MEXICO CITY (Reuters) - Mexican bottling and retail conglomerate FEMSA will offer a total of 3.5 billion euros ($3.7 billion) in common shares and unsecured notes in Dutch beer giant Heineken as it looks to divest from the company, FEMSA said Thursday.
Heineken, as well as an investment vehicle controlled by the Heineken family, are expected to participate in the offering, FEMSA added in a filing to Mexico's main stock exchange.
Heineken has committed to repurchasing around a billion euros worth of its shares, both Heineken and FEMSA said Thursday.
FEMSA, which saw its own share prices rise near 9% around midday Thursday, had announced plans to divest its stake in the world's second-largest brewer the day before.

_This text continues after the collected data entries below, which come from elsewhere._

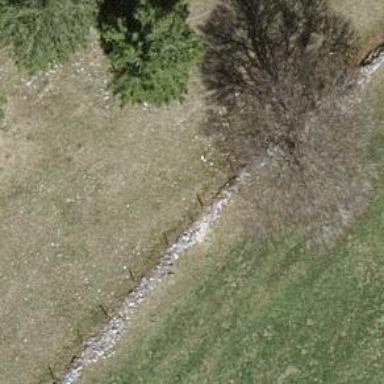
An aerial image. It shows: Dry stone wall barrier.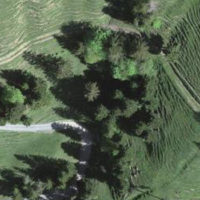
EUNIS habitat code: 44
Species observed at this site:
Cephalanthera longifolia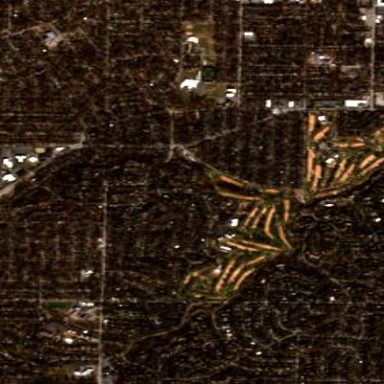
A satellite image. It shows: Golf course.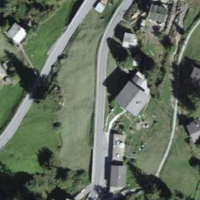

It has previously reported a 14.8% combined stake in the Heineken Group, in which the Heineken family holds just over 50%. The offer announced Thursday intends to sell off around 6% of FEMSA's stake in the brewing group.
Analysts at Actinver Research estimated, based on Wednesday's closing prices, that the total divestment - which aims to help cut debt and fuel growth - would fetch FEMSA some $7.7 billion, roughly a quarter of its market value.
The final prices in the share and notes offering will be determined and announced Friday, FEMSA said. The firm will also hold a call Friday to give more detail into the divestment.